Bryconops alburnoides is a small species of freshwater ray-finned fish belonging to the family Iguanodectidae. This fish is found in the rivers of South America. It has a slender body, with a yellowish dorsal fin and yellow-tinged back scales that fade into silver on its belly. It is largely an insectivore that picks land-dwelling insects from the riverbanks, though it eats much more whenever rain washes prey into the water.

== Description ==
Bryconops alburnoides reaches 15 cm (5.9 inches) at a maximum in standard length (tail fin not included), with a generally elongated body. The genus Bryconops as a whole has been described as slender-bodied and "smelt-like", similar to sister genus Piabucus; B. alburnoides is no exception. B. alburnoides is one of the larger members of the genus by a considerable margin.
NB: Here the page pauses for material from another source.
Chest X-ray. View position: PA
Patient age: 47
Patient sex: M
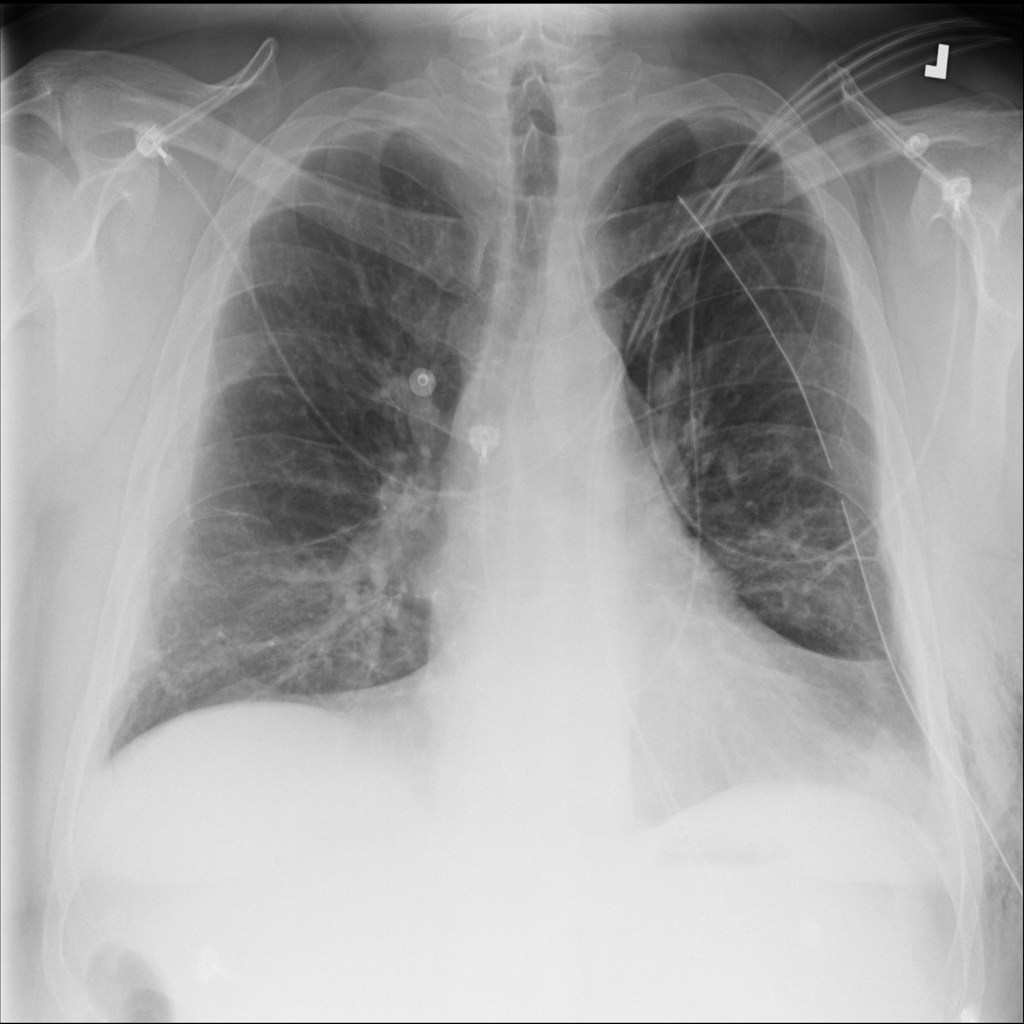
Finding: Pneumothorax

The lateral line has 50 to 62 scales. B. alburnoides has a yellowish dorsal fin, which is a feature that can be used to distinguish it from other members of the genus that look similar. The upper and lower margins of the caudal fin are also tinted yellow. A congener, Bryconops gracilis, has frequently been misidentified as B. alburnoides, thanks to a yellowish dorsal fin and a similar number of lateral-line scales. However, B. alburnoides has three rows of premaxillary teeth, while B. gracilis only has two, making for a definitive way to tell the two apart.

== Taxonomy ==
Upon describing Bryconops alburnoides in 1858, Austrian ichthyologist Rudolf Kner established Bryconops as a new genus. He also described a congener, B. lucidus, but this has since been synonymized with B. alburnoides. As a result, B. alburnoides is the type species of the genus. Bryconops lucidus is the only synonym of Bryconops alburnoides.
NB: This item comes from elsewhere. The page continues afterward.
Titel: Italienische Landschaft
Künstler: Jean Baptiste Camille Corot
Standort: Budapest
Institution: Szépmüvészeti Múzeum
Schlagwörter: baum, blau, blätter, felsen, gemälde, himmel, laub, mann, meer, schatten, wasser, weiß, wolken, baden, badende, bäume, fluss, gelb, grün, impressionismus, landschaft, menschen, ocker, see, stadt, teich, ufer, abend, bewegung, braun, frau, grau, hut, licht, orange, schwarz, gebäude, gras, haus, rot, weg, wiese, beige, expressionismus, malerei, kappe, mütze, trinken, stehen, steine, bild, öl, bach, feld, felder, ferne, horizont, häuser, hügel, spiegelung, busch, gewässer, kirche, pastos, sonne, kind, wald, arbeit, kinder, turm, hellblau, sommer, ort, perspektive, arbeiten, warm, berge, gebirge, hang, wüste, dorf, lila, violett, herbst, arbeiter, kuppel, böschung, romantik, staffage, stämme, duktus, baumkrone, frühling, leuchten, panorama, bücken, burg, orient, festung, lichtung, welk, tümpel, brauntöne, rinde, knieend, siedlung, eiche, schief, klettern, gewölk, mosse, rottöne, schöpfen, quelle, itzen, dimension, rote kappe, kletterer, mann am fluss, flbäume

When originally described, the genus Bryconops was placed in the family Characidae. Research from Oliveira et al. prompted Bryconops, along with sister genera Piabucus and Iguanodectes, to be moved to the family Iguanodectidae in 2011, which was revived from the work of ichthyologist Carl H. Eigenmann. Therefore, B. alburnoides is a characiform fish of the family Iguanodectidae.

Bryconops has long known to be related to Brycon, Tetragonopterus, and Chalceus, which are its most closely related characiform genera. Within the genus Bryconops, B. alburnoides is isolated from the subgenus Creatochanes and from the Bryconops caudomaculatus species complex; it is not considered a member of Creatochanes, and there are six members of the subgenus Bryconops, five of which are part of the aforementioned complex. B. alburnoides is the sole remainder.

== Etymology ==
Many members of the genus Bryconops draw comparisons to other taxa, but B. alburnoides in particular bears a resemblance to members of the cyprinid genus Alburnus. This, in fact, is the origin of its specific epithet; the suffix "–oides" means "with the form of" or "resembling", hence alburnoides.
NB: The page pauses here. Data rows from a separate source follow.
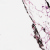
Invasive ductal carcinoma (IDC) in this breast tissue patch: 0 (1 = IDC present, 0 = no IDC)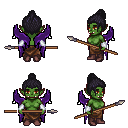
a pixel art fantasy rpg character, female body template, orc, green skin, purple wings, robe skirt, raven short topknot hairstyle, white cloth bracers, maroon shoes, spear, four views (front, back, left, right), 2x2 character sprite sheet, small pixel art, hard edges, no anti-aliasing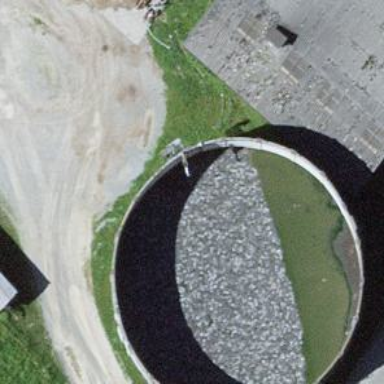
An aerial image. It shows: Storage tank with man-made structure.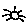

The genus name Bryconops in itself is a reference to another taxon - Brycon is a genus of characins that also lives in South America. Therefore, B. alburnoides' full scientific name means "resembling Brycon and Alburnus". The name Brycon originates in Greek, and comes from the word "bryko", which means "to bite" or "to eat". This is in reference to the notable set of teeth that all members of the genus are equipped with.

The name alburnoides is also used for the genus Alburnoides, consisting of cyprinid fishes that inhabit Europe and Asia. Outside of similar nomenclature, Alburnoides is entirely unrelated to B. alburnoides.

== Habitat and ecology ==
Like the rest of the genus Bryconops, B. alburnoides is found solely in South American freshwater habitats. It is local to the Amazon and Orinoco river basins, as well as flood-plain lakes in the lower Orinoco region.

Bryconops alburnoides is an insectivore, demonstrating a marked preference for terrestrial insects. Its consumption increases opportunistically with windy and rainy weather, which sweeps more prey into its aquatic habitat. This is in line with other members of the genus, all of which have a diet that consists at least partially of insects.